_Task description:_
Show every line of the data that includes the word "http".

_Listed entries:_
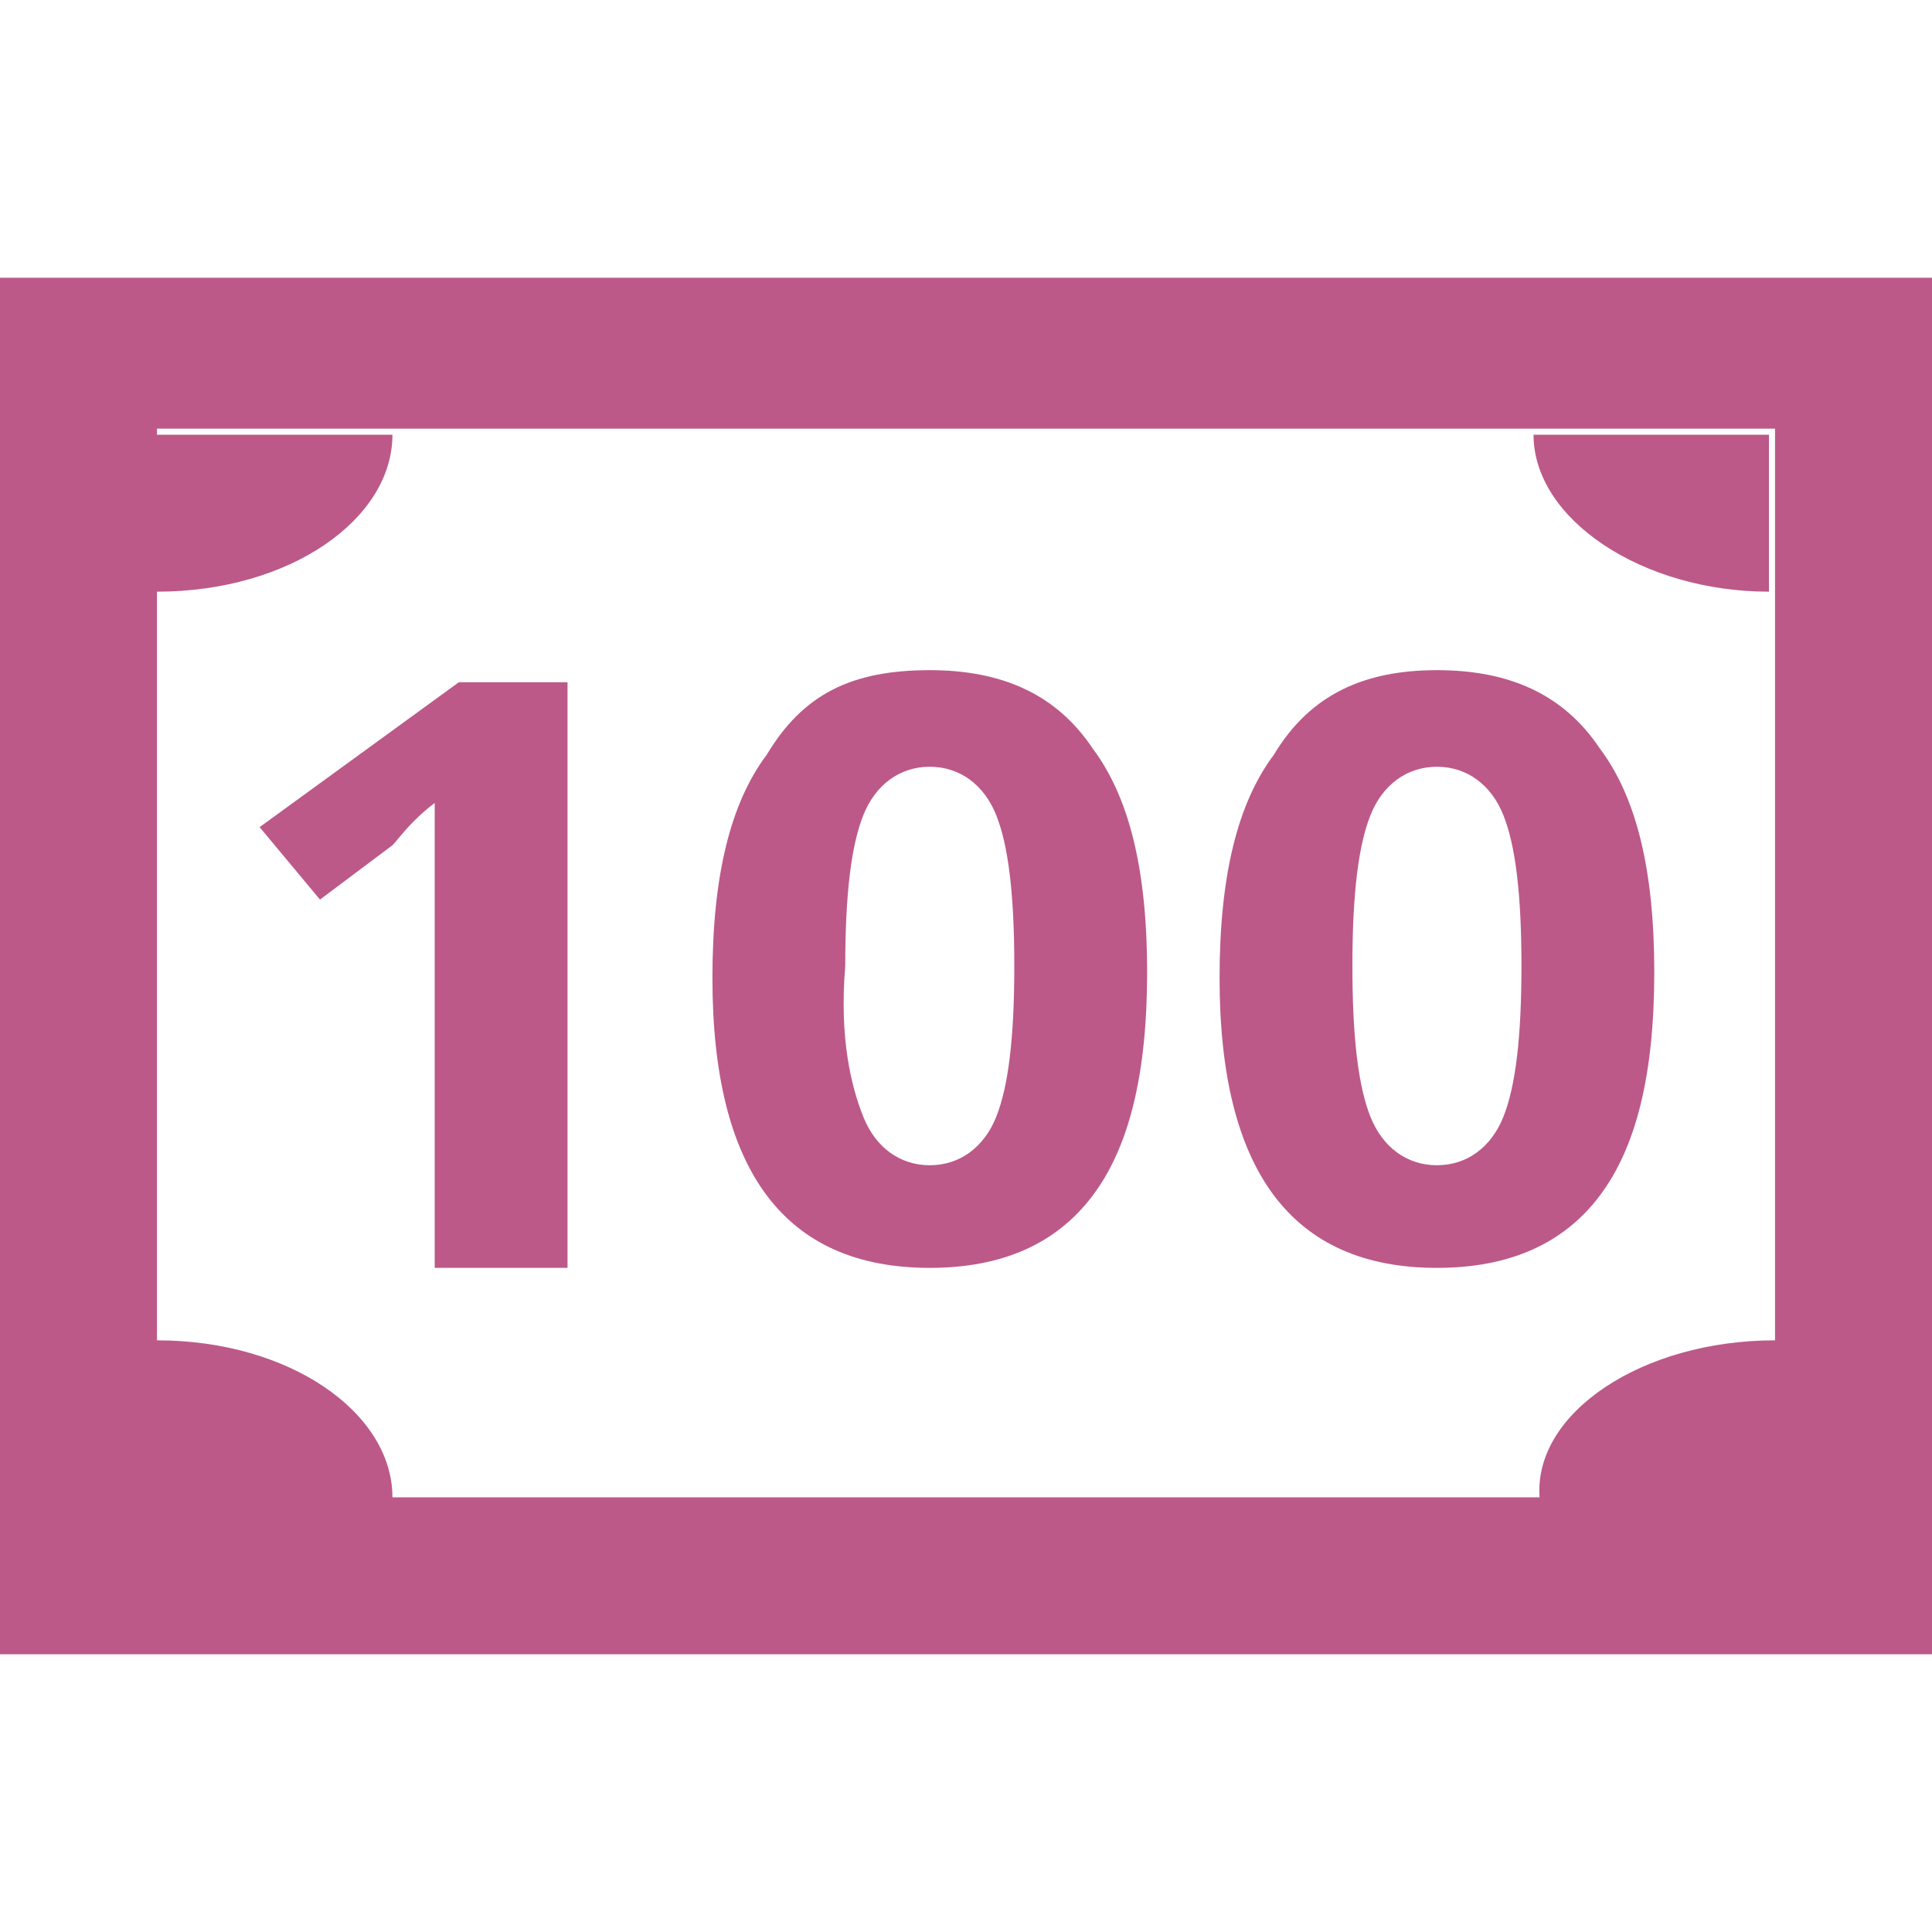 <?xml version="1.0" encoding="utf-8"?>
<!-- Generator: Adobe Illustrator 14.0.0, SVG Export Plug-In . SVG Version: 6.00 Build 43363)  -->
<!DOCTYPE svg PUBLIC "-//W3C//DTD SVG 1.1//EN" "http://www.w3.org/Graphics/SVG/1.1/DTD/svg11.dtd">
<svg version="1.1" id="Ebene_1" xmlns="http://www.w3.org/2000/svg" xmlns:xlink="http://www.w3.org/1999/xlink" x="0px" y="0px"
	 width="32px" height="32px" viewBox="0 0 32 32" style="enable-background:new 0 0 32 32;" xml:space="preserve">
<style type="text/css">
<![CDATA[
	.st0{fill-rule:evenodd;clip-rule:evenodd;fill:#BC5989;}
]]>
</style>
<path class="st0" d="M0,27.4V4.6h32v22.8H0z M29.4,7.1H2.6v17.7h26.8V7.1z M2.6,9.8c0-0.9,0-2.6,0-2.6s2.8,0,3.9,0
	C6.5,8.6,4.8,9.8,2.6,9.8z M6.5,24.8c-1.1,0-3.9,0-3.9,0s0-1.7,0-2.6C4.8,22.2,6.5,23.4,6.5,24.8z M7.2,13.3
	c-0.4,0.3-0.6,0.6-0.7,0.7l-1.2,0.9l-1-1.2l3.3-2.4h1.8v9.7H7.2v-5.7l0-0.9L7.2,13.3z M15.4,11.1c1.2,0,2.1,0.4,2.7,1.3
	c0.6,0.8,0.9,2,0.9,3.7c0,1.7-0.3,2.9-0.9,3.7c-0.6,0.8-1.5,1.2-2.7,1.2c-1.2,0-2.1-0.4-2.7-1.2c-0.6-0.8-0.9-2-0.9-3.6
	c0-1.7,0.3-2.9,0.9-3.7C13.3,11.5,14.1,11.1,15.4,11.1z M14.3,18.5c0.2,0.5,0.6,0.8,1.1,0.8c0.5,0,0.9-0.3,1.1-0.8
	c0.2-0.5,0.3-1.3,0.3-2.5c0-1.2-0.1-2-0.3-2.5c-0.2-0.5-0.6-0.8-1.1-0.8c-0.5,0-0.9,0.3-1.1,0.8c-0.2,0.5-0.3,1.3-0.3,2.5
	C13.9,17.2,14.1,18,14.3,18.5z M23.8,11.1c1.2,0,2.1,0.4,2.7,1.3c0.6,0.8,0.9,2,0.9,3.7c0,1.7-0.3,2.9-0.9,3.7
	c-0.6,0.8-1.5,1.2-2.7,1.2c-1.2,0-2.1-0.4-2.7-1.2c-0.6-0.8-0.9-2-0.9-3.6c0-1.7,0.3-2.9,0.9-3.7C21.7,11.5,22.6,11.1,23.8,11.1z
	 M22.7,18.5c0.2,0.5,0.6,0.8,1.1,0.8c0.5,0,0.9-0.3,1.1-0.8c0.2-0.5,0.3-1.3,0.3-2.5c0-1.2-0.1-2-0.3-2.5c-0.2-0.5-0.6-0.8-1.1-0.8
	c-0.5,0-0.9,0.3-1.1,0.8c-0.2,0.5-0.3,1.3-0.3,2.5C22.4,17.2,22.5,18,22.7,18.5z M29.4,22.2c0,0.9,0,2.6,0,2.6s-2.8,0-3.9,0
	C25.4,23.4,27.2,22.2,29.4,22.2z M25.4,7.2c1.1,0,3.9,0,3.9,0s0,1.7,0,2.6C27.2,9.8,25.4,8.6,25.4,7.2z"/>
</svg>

_Written response:_
<!DOCTYPE svg PUBLIC "-//W3C//DTD SVG 1.1//EN" "http://www.w3.org/Graphics/SVG/1.1/DTD/svg11.dtd">
<svg version="1.1" id="Ebene_1" xmlns="http://www.w3.org/2000/svg" xmlns:xlink="http://www.w3.org/1999/xlink" x="0px" y="0px"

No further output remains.